====== Supplied records

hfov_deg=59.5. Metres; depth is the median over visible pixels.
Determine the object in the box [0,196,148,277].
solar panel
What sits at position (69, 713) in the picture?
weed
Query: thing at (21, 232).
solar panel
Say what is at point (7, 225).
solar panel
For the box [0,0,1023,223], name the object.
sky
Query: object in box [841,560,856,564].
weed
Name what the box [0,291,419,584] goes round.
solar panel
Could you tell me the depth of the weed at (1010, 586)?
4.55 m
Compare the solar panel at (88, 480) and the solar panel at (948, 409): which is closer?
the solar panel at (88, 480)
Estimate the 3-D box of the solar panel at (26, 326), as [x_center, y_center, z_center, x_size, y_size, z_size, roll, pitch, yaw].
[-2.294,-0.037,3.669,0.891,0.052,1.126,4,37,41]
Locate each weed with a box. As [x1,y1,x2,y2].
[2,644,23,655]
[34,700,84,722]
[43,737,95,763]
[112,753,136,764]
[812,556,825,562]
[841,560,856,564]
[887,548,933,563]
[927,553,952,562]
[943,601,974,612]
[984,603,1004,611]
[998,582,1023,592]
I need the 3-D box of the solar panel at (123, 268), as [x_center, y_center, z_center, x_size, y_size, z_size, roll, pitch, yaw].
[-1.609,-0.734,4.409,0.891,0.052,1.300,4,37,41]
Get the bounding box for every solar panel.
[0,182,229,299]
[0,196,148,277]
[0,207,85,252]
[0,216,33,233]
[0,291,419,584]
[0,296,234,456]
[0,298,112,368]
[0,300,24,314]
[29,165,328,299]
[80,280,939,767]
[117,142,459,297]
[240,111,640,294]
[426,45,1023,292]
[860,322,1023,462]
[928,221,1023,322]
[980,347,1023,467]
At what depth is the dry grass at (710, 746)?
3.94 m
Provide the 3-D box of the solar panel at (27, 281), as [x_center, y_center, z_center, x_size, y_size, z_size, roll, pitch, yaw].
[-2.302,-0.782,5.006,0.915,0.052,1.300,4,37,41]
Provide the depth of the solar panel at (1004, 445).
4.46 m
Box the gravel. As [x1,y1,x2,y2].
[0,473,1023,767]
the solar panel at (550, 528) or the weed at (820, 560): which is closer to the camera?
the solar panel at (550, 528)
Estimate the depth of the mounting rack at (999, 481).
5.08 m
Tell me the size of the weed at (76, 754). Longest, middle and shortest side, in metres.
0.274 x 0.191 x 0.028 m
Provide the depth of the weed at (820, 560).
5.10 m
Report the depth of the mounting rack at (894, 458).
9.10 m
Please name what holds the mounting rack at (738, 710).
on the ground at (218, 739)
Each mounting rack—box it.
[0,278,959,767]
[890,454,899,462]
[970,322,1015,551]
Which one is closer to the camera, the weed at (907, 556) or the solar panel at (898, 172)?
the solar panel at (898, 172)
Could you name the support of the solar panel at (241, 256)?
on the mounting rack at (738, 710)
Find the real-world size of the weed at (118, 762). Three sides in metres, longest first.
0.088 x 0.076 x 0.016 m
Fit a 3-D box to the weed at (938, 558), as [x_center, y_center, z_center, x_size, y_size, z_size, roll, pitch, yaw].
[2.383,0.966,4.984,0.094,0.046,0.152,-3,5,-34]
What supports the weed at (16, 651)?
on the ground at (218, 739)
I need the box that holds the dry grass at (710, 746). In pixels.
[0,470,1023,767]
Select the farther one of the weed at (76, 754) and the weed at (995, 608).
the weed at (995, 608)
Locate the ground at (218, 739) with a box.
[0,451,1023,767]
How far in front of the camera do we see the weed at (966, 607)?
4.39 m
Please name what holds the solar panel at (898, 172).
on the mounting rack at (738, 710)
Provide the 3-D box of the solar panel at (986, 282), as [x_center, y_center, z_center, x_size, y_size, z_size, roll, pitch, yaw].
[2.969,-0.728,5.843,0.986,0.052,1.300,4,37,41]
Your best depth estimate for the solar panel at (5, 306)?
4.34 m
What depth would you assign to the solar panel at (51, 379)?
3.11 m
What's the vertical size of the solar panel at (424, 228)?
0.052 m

============
====== Supplied records

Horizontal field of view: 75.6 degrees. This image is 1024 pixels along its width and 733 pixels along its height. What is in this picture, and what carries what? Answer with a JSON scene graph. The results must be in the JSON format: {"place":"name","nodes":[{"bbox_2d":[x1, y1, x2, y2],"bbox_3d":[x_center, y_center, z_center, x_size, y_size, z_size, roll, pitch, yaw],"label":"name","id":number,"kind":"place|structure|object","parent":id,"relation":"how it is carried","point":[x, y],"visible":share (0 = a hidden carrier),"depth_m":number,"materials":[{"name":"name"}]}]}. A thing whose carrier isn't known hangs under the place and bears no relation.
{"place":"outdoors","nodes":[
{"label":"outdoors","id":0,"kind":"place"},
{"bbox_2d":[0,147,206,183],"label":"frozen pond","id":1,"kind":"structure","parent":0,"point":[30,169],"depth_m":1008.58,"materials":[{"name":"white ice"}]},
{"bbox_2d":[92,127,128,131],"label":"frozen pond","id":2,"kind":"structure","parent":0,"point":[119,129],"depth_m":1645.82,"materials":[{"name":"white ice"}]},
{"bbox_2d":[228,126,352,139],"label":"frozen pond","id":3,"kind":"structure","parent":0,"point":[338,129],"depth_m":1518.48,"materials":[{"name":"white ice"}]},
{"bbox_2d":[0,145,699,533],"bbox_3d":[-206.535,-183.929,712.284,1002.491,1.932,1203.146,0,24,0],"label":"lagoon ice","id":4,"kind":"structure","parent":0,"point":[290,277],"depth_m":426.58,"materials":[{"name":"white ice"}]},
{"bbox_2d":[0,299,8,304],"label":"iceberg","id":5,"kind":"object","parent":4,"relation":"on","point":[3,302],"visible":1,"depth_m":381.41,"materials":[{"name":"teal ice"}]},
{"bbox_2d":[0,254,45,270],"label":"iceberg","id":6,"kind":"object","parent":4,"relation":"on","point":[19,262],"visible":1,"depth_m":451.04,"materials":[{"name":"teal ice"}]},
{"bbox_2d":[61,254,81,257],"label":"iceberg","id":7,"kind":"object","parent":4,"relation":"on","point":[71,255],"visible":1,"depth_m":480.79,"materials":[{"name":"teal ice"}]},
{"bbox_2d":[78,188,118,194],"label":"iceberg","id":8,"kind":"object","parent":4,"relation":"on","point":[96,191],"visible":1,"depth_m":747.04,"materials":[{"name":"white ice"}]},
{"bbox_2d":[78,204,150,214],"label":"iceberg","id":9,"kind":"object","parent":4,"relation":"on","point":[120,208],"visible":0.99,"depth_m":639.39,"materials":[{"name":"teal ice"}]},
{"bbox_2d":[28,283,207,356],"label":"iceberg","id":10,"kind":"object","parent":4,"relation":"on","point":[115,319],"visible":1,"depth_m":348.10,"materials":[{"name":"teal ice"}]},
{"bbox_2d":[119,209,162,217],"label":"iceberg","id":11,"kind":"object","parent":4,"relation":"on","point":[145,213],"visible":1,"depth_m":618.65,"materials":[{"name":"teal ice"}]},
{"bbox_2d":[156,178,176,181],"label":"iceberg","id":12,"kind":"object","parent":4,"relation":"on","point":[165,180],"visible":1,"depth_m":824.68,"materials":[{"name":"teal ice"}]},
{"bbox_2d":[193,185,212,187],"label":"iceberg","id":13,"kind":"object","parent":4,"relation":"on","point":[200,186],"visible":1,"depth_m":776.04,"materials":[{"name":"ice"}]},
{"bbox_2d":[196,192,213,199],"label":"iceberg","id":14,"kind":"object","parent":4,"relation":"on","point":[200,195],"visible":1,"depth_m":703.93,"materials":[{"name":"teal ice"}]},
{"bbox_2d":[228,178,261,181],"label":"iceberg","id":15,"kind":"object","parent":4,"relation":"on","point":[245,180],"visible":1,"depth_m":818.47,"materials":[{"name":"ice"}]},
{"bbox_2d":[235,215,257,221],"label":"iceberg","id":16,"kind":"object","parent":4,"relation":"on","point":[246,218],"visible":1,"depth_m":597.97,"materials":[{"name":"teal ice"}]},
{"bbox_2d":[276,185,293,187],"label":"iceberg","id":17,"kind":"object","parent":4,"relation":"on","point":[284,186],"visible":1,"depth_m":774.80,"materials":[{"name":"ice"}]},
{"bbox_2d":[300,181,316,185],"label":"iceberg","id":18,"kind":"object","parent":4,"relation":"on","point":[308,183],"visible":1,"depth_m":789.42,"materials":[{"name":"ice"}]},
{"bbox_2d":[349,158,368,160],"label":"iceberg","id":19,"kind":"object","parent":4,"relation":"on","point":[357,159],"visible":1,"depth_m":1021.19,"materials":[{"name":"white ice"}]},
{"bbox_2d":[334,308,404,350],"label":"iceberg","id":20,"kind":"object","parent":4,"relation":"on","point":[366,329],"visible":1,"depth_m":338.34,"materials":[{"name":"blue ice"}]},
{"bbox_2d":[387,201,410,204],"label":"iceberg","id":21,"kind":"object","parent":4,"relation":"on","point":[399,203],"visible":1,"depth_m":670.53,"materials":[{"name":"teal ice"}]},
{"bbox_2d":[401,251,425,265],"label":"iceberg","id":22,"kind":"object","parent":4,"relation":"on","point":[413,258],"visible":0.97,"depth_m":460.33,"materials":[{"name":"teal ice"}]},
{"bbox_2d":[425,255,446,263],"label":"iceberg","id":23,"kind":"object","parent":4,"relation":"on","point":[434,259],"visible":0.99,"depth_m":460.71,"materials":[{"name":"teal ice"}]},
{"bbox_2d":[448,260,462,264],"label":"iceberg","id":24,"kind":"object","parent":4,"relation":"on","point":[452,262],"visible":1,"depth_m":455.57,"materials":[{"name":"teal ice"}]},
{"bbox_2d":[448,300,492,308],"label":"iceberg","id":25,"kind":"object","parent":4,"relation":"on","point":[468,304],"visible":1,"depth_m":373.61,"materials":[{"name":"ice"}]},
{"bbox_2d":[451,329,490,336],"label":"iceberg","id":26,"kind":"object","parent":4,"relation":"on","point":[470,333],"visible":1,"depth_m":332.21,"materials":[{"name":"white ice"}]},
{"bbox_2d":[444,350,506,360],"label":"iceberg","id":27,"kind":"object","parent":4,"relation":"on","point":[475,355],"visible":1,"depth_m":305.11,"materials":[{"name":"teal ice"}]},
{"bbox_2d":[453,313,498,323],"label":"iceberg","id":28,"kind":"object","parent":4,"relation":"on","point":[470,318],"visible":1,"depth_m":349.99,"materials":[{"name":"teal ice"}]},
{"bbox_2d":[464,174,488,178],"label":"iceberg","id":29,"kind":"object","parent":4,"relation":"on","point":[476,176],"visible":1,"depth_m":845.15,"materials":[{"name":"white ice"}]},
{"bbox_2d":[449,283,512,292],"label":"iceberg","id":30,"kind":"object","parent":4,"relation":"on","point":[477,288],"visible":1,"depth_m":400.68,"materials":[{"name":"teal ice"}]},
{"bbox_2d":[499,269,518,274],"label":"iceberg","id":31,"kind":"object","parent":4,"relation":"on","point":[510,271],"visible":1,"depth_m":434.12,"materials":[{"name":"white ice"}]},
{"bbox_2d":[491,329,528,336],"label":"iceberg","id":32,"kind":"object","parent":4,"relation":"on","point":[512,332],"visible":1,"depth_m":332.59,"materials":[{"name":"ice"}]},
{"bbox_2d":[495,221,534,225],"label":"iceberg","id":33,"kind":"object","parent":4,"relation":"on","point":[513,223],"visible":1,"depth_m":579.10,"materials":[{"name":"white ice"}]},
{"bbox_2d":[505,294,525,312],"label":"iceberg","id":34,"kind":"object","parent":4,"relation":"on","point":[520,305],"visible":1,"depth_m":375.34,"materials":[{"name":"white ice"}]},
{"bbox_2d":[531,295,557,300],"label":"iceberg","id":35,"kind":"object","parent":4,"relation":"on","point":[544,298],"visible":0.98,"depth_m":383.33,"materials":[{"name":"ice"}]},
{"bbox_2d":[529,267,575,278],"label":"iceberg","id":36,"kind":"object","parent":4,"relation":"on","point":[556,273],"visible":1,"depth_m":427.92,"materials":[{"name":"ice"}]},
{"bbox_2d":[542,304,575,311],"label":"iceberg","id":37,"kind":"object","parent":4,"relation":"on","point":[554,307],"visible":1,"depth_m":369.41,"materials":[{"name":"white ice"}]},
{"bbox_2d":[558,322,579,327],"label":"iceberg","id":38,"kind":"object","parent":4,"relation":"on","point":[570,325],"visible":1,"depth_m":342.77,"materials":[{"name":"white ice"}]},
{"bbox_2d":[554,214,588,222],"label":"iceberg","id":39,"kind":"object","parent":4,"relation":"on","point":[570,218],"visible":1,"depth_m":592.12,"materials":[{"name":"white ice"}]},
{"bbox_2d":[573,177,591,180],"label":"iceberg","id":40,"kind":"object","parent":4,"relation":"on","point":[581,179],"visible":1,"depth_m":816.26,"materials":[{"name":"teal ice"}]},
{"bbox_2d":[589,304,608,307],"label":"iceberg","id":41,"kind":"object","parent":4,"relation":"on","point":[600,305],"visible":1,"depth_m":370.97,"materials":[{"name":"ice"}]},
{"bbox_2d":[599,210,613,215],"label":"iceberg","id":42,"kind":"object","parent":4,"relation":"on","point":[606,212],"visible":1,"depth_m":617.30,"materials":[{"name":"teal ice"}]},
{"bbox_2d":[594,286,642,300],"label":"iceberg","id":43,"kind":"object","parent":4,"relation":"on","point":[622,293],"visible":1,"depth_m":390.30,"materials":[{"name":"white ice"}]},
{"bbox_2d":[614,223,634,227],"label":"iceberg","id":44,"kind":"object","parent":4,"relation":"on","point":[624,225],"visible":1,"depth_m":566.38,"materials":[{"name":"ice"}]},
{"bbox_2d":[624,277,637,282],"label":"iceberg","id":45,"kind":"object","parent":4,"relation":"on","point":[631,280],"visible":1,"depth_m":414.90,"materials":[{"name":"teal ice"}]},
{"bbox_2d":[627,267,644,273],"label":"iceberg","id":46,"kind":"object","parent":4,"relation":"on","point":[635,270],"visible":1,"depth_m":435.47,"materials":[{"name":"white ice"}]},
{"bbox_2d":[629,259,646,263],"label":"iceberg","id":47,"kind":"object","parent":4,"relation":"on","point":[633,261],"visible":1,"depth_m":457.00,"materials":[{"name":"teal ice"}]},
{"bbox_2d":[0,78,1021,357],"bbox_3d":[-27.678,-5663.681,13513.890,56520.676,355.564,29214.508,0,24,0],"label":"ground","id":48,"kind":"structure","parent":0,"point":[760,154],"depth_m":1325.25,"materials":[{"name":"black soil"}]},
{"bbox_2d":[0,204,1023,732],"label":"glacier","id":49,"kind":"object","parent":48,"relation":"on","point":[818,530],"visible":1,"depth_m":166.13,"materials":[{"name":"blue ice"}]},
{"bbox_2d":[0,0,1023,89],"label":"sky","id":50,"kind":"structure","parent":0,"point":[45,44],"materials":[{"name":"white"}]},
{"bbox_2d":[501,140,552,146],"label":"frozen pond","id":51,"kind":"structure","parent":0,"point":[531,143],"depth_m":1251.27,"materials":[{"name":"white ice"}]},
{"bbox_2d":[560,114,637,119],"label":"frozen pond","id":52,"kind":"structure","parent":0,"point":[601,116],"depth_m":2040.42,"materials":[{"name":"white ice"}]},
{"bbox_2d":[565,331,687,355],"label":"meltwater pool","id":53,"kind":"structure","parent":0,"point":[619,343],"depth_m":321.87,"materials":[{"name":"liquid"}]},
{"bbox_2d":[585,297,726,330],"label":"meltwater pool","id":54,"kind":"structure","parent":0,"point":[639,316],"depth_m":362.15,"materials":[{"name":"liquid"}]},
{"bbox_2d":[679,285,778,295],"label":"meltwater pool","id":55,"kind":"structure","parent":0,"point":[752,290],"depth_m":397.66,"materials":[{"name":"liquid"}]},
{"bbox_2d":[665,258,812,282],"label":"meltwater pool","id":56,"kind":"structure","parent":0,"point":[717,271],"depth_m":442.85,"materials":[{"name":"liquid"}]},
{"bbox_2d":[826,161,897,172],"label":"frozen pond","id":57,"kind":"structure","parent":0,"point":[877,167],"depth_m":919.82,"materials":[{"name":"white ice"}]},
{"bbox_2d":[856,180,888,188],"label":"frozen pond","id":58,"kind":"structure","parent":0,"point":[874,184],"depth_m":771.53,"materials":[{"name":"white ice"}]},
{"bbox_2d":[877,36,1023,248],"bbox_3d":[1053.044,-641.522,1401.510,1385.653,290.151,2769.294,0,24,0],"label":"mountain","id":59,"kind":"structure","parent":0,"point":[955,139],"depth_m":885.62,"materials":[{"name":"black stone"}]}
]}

============

Copy exactly the stretch of data above from the line with "Please name what holds the mounting" through the line with "[0,470,1023,767]", and omit all other lines.

Please name what holds the mounting rack at (738, 710).
on the ground at (218, 739)
Each mounting rack—box it.
[0,278,959,767]
[890,454,899,462]
[970,322,1015,551]
Which one is closer to the camera, the weed at (907, 556) or the solar panel at (898, 172)?
the solar panel at (898, 172)
Could you name the support of the solar panel at (241, 256)?
on the mounting rack at (738, 710)
Find the real-world size of the weed at (118, 762). Three sides in metres, longest first.
0.088 x 0.076 x 0.016 m
Fit a 3-D box to the weed at (938, 558), as [x_center, y_center, z_center, x_size, y_size, z_size, roll, pitch, yaw].
[2.383,0.966,4.984,0.094,0.046,0.152,-3,5,-34]
What supports the weed at (16, 651)?
on the ground at (218, 739)
I need the box that holds the dry grass at (710, 746). In pixels.
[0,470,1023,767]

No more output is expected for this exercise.